[Items listed in a dataset]

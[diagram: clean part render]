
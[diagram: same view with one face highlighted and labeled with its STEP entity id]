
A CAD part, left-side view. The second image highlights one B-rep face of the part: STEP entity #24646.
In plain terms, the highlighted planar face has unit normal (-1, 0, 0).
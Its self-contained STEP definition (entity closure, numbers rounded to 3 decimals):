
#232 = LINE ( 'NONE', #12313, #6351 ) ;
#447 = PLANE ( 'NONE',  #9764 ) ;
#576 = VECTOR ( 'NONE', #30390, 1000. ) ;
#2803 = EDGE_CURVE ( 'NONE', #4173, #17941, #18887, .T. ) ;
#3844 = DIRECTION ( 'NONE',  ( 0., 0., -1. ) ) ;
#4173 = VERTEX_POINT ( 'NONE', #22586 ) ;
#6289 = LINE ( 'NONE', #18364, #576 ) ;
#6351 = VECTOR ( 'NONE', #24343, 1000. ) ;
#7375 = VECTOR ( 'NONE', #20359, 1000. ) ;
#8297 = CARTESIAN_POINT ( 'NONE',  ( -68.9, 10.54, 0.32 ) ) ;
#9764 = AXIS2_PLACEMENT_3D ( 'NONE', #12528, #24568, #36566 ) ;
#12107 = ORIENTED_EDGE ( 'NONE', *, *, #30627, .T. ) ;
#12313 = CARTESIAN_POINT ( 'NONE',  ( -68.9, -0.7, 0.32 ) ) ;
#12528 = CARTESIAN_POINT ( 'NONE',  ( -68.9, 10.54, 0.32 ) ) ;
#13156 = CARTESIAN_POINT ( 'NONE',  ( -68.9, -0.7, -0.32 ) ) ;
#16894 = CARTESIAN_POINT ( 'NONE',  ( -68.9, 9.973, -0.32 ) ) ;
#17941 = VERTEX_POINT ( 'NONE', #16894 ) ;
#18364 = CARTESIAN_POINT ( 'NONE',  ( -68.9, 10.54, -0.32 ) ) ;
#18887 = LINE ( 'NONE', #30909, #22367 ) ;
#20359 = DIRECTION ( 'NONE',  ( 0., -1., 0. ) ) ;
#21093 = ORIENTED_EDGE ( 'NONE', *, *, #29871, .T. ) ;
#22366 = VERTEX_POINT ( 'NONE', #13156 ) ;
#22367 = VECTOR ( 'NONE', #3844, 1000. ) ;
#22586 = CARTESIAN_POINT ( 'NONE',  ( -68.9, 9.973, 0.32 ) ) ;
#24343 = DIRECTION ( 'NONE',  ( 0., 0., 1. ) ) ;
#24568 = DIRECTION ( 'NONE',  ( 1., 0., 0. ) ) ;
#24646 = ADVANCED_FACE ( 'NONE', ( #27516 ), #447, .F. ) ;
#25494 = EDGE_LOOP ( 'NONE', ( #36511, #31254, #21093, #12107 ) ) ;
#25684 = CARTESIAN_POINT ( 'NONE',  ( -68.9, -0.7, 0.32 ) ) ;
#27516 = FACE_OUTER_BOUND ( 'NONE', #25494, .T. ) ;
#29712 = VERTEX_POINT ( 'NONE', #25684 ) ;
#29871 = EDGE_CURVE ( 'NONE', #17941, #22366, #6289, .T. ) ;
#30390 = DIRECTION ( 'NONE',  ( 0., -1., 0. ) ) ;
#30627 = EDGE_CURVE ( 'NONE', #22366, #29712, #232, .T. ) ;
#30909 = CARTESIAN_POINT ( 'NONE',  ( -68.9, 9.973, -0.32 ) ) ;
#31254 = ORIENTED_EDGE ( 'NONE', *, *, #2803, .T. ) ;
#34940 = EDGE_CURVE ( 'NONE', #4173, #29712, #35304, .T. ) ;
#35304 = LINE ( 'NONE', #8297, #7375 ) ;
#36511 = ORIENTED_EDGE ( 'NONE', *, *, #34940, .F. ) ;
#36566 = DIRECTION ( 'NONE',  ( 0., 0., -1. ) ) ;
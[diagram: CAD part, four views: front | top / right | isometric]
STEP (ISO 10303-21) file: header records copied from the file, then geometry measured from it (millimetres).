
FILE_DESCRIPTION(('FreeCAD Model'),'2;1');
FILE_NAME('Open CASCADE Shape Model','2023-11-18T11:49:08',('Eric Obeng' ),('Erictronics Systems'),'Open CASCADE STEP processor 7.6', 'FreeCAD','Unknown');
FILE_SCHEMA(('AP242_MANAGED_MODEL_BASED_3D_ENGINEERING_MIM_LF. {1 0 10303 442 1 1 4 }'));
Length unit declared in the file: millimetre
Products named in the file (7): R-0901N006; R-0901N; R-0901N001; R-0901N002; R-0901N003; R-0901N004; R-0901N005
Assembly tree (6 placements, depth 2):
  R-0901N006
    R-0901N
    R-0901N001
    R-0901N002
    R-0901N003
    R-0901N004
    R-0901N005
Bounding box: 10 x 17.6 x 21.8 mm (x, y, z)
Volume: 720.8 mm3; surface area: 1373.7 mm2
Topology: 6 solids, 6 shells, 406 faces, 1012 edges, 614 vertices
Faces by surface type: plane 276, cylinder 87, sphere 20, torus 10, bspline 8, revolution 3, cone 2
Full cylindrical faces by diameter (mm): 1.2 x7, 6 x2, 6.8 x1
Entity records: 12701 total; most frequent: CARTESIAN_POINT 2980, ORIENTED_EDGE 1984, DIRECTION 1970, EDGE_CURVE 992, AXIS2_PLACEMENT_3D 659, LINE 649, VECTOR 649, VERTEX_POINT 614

Instructions for the task →
The answer is the full set of records above, repeated exactly.

Expected output →
[diagram: clean part render]
[diagram: same view with one face highlighted and labeled with its STEP entity id]
A CAD part, left-side view. The second image highlights one B-rep face of the part: STEP entity #24646.
In plain terms, the highlighted planar face has unit normal (-1, 0, 0).
Its self-contained STEP definition (entity closure, numbers rounded to 3 decimals):
#232 = LINE ( 'NONE', #12313, #6351 ) ;
#447 = PLANE ( 'NONE',  #9764 ) ;
#576 = VECTOR ( 'NONE', #30390, 1000. ) ;
#2803 = EDGE_CURVE ( 'NONE', #4173, #17941, #18887, .T. ) ;
#3844 = DIRECTION ( 'NONE',  ( 0., 0., -1. ) ) ;
#4173 = VERTEX_POINT ( 'NONE', #22586 ) ;
#6289 = LINE ( 'NONE', #18364, #576 ) ;
#6351 = VECTOR ( 'NONE', #24343, 1000. ) ;
#7375 = VECTOR ( 'NONE', #20359, 1000. ) ;
#8297 = CARTESIAN_POINT ( 'NONE',  ( -68.9, 10.54, 0.32 ) ) ;
#9764 = AXIS2_PLACEMENT_3D ( 'NONE', #12528, #24568, #36566 ) ;
#12107 = ORIENTED_EDGE ( 'NONE', *, *, #30627, .T. ) ;
#12313 = CARTESIAN_POINT ( 'NONE',  ( -68.9, -0.7, 0.32 ) ) ;
#12528 = CARTESIAN_POINT ( 'NONE',  ( -68.9, 10.54, 0.32 ) ) ;
#13156 = CARTESIAN_POINT ( 'NONE',  ( -68.9, -0.7, -0.32 ) ) ;
#16894 = CARTESIAN_POINT ( 'NONE',  ( -68.9, 9.973, -0.32 ) ) ;
#17941 = VERTEX_POINT ( 'NONE', #16894 ) ;
#18364 = CARTESIAN_POINT ( 'NONE',  ( -68.9, 10.54, -0.32 ) ) ;
#18887 = LINE ( 'NONE', #30909, #22367 ) ;
#20359 = DIRECTION ( 'NONE',  ( 0., -1., 0. ) ) ;
#21093 = ORIENTED_EDGE ( 'NONE', *, *, #29871, .T. ) ;
#22366 = VERTEX_POINT ( 'NONE', #13156 ) ;
#22367 = VECTOR ( 'NONE', #3844, 1000. ) ;
#22586 = CARTESIAN_POINT ( 'NONE',  ( -68.9, 9.973, 0.32 ) ) ;
#24343 = DIRECTION ( 'NONE',  ( 0., 0., 1. ) ) ;
#24568 = DIRECTION ( 'NONE',  ( 1., 0., 0. ) ) ;
#24646 = ADVANCED_FACE ( 'NONE', ( #27516 ), #447, .F. ) ;
#25494 = EDGE_LOOP ( 'NONE', ( #36511, #31254, #21093, #12107 ) ) ;
#25684 = CARTESIAN_POINT ( 'NONE',  ( -68.9, -0.7, 0.32 ) ) ;
#27516 = FACE_OUTER_BOUND ( 'NONE', #25494, .T. ) ;
#29712 = VERTEX_POINT ( 'NONE', #25684 ) ;
#29871 = EDGE_CURVE ( 'NONE', #17941, #22366, #6289, .T. ) ;
#30390 = DIRECTION ( 'NONE',  ( 0., -1., 0. ) ) ;
#30627 = EDGE_CURVE ( 'NONE', #22366, #29712, #232, .T. ) ;
#30909 = CARTESIAN_POINT ( 'NONE',  ( -68.9, 9.973, -0.32 ) ) ;
#31254 = ORIENTED_EDGE ( 'NONE', *, *, #2803, .T. ) ;
#34940 = EDGE_CURVE ( 'NONE', #4173, #29712, #35304, .T. ) ;
#35304 = LINE ( 'NONE', #8297, #7375 ) ;
#36511 = ORIENTED_EDGE ( 'NONE', *, *, #34940, .F. ) ;
#36566 = DIRECTION ( 'NONE',  ( 0., 0., -1. ) ) ;
[diagram: CAD part, four views: front | top / right | isometric]
STEP (ISO 10303-21) file: header records copied from the file, then geometry measured from it (millimetres).
FILE_DESCRIPTION(('FreeCAD Model'),'2;1');
FILE_NAME('Open CASCADE Shape Model','2023-11-18T11:49:08',('Eric Obeng' ),('Erictronics Systems'),'Open CASCADE STEP processor 7.6', 'FreeCAD','Unknown');
FILE_SCHEMA(('AP242_MANAGED_MODEL_BASED_3D_ENGINEERING_MIM_LF. {1 0 10303 442 1 1 4 }'));
Length unit declared in the file: millimetre
Products named in the file (7): R-0901N006; R-0901N; R-0901N001; R-0901N002; R-0901N003; R-0901N004; R-0901N005
Assembly tree (6 placements, depth 2):
  R-0901N006
    R-0901N
    R-0901N001
    R-0901N002
    R-0901N003
    R-0901N004
    R-0901N005
Bounding box: 10 x 17.6 x 21.8 mm (x, y, z)
Volume: 720.8 mm3; surface area: 1373.7 mm2
Topology: 6 solids, 6 shells, 406 faces, 1012 edges, 614 vertices
Faces by surface type: plane 276, cylinder 87, sphere 20, torus 10, bspline 8, revolution 3, cone 2
Full cylindrical faces by diameter (mm): 1.2 x7, 6 x2, 6.8 x1
Entity records: 12701 total; most frequent: CARTESIAN_POINT 2980, ORIENTED_EDGE 1984, DIRECTION 1970, EDGE_CURVE 992, AXIS2_PLACEMENT_3D 659, LINE 649, VECTOR 649, VERTEX_POINT 614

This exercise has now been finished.